Figure 6: (a) After expansion for two weeks in CellSTACK and Mobius CellReady 3-L bioreactor, human mesenchymal stem cells
(hMSCs) demonstrate multipotent differentiation abilities; (b) Expanded hMSCs retain normal male karyotype; (C) Induced expanded
hMSCs secrete important cytokines, including IFN-γ, IL-6, and IL-8.

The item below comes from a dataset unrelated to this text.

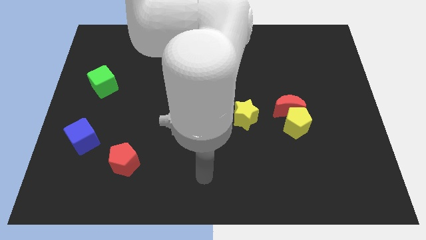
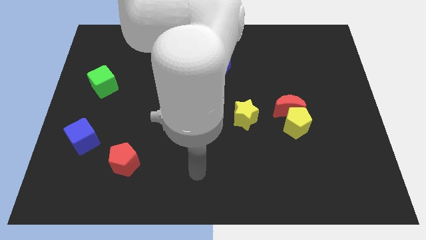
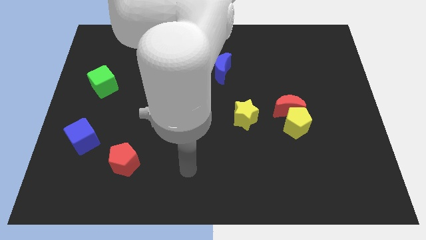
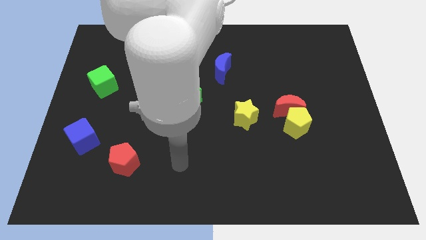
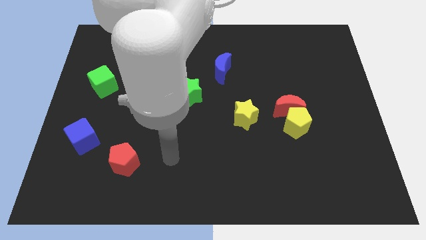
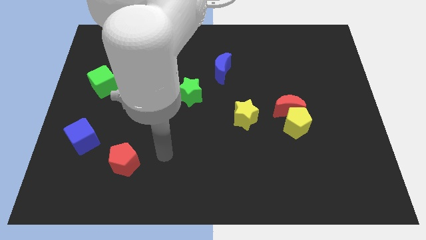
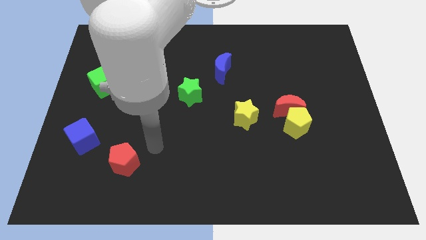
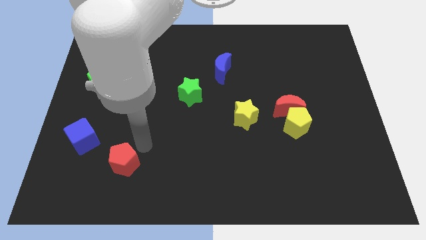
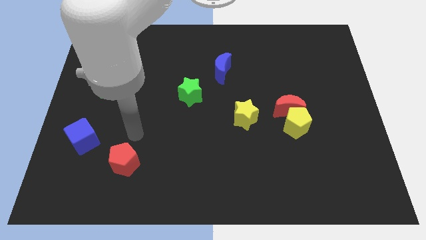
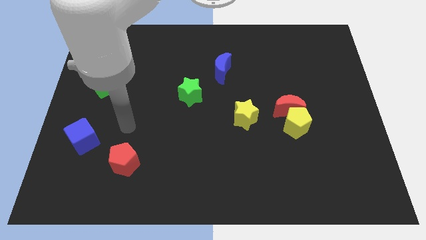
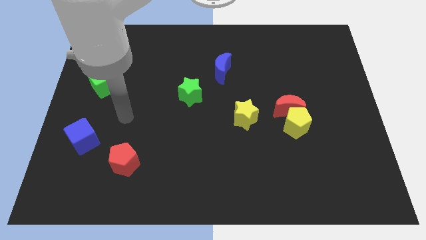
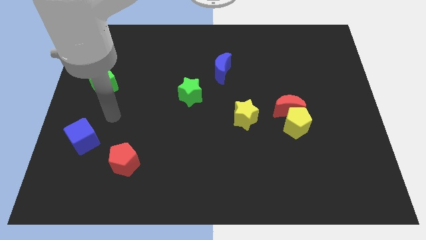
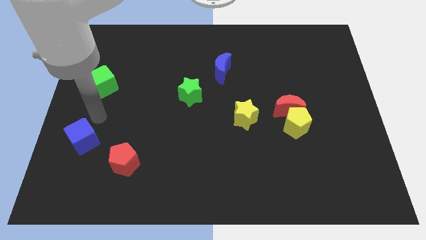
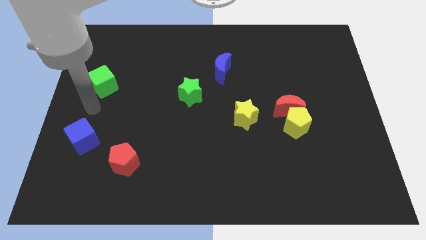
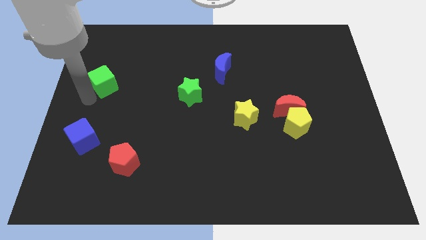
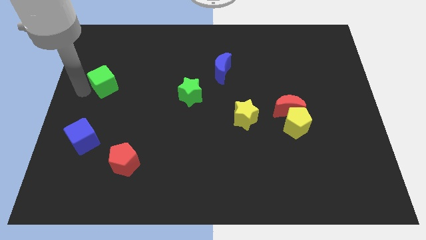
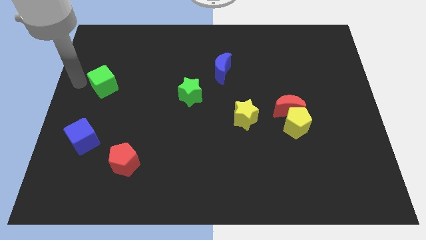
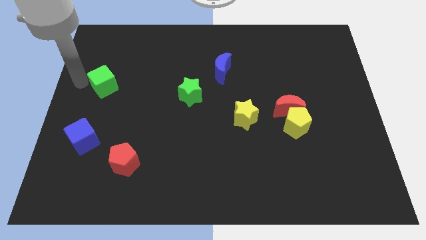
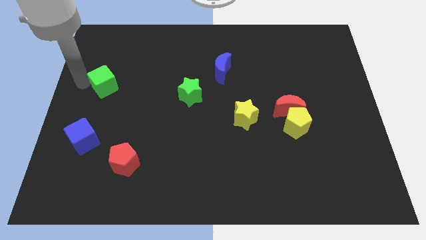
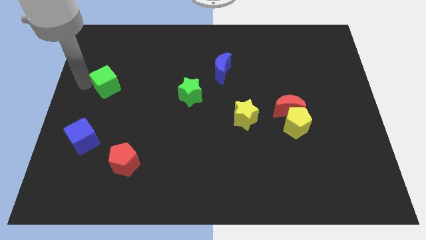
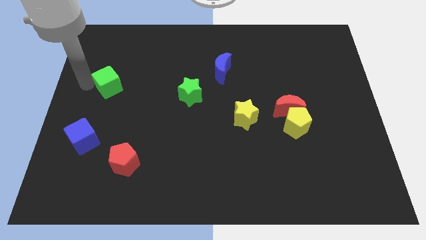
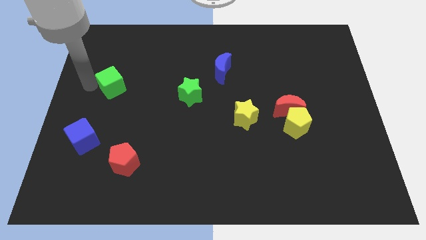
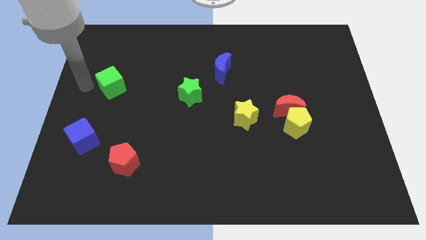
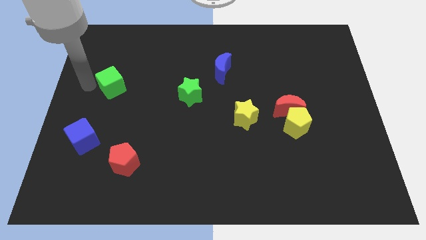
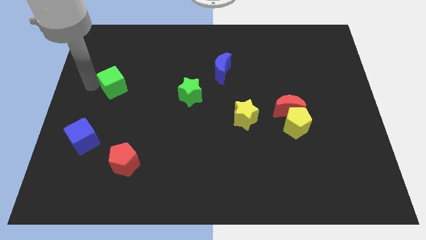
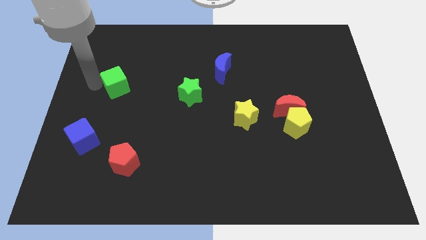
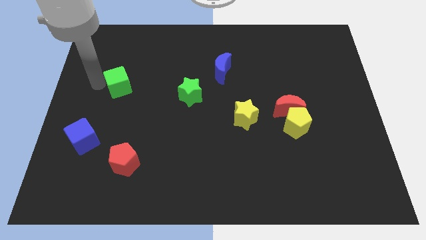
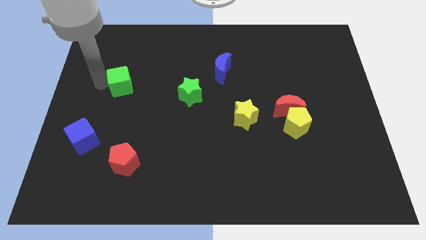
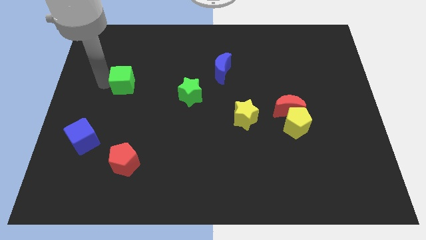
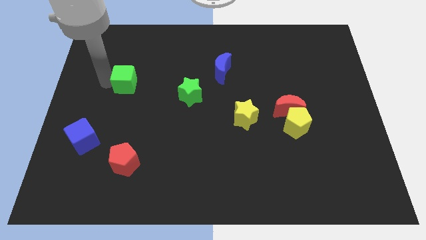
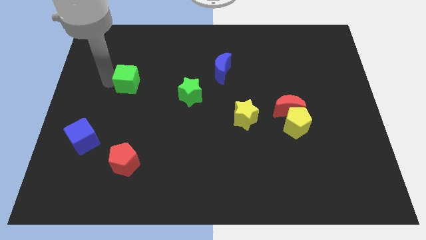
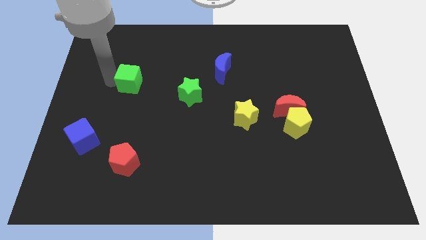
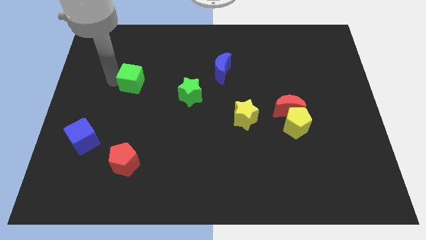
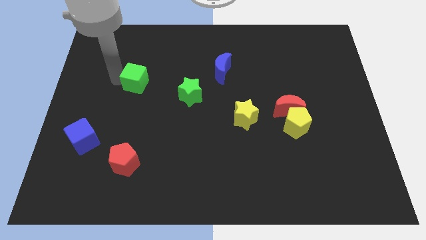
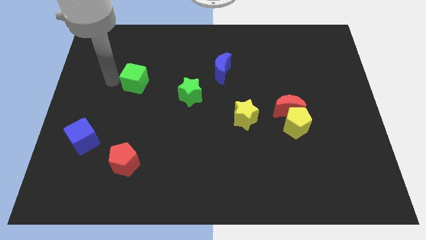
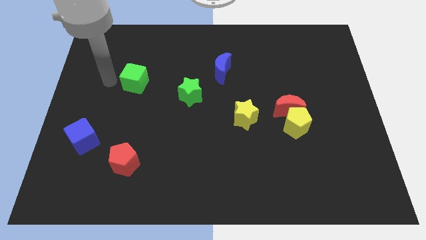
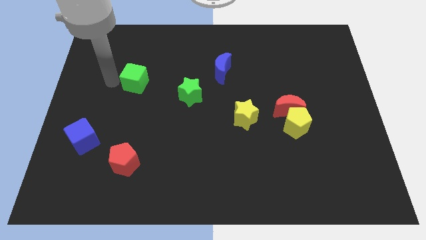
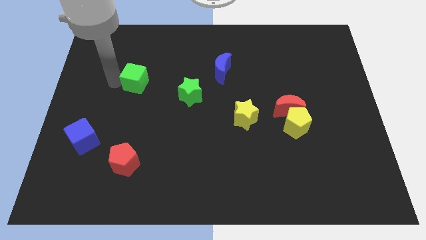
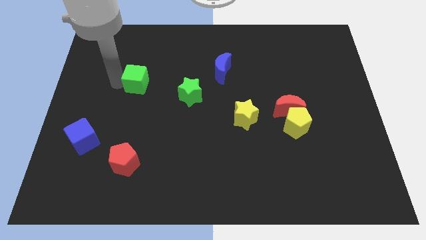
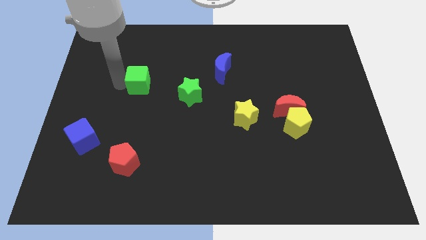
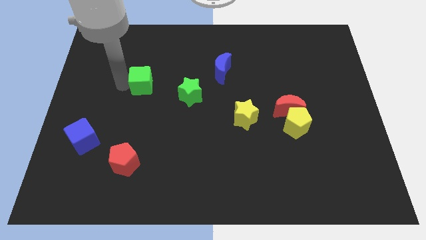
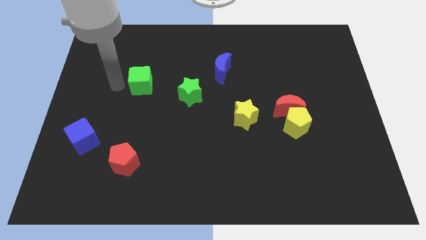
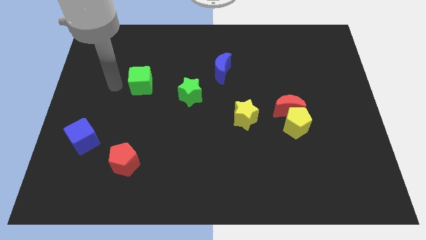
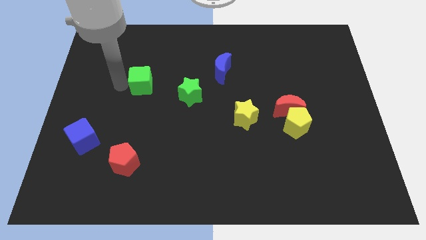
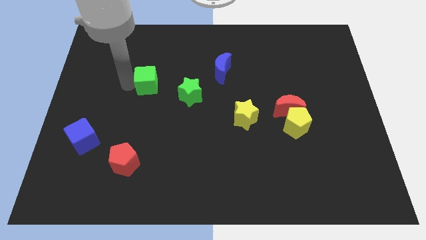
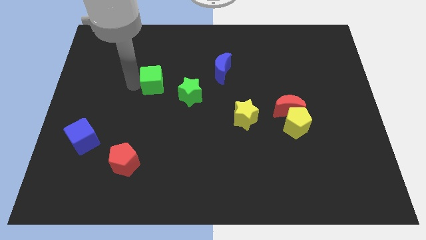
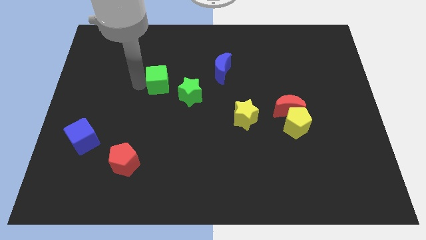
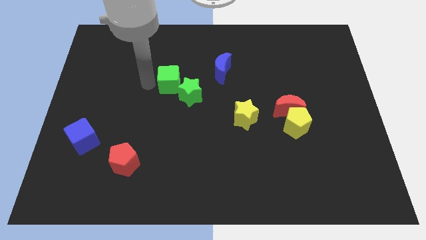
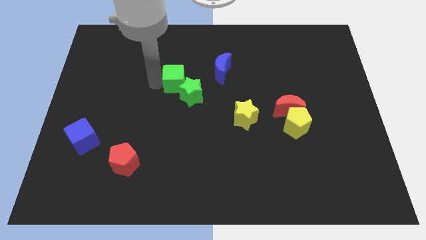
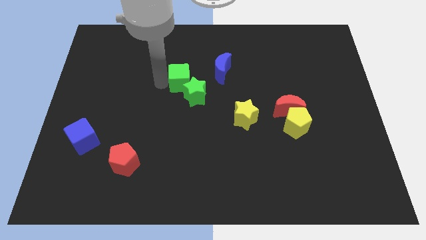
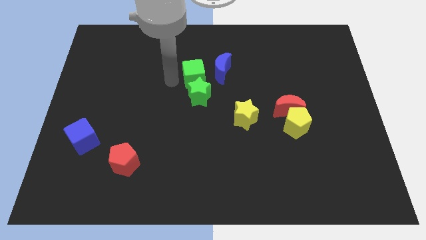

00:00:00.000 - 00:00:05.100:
move the green cube to the right

Spent media (glutamine, glucose, lactic acid and NH4+) from 2D and 3D culture were analyzed and compared (see Figure 7). Additionally, multiple parameters that potentially affect hMSC expansion in 3D cultures were examined, including the concentration
of lactic acid in the media and feeding strategies (see Figure 7). The capacity to monitor and control the metabolism of cells in a bioreactor facilitates a feeding strategy to maximize
Figure 7: (a) Spent media (glutamine, glucose, lactic acid and NH4+) from bioreactor and CellSTACK were analyzed; (b) Parameters (e.g., concentration of lactic acid in the media, dO2, pH and feeding strategies) that affect hMSCs expansion in bioreactor were studied.
The effect of lactate and glucose concentration and pH on the expansion of hMSC on microcarriers in suspension culture was
tested (data not shown). hMSCs were able to grow under conditions of no glucose by consuming other nutrients in the medium;
however, the growth rate was reduced. hMSCs were able to expand under conditions of high glucose concentration (4.5 g/L) without
significantly reducing growth rate. High concentrations of lactate (> 1/6 g/L) inhibit hMSC growth on microcarriers, which
is consistent with 2D culture results. Growth was significantly reduced at low pH (< 6.8).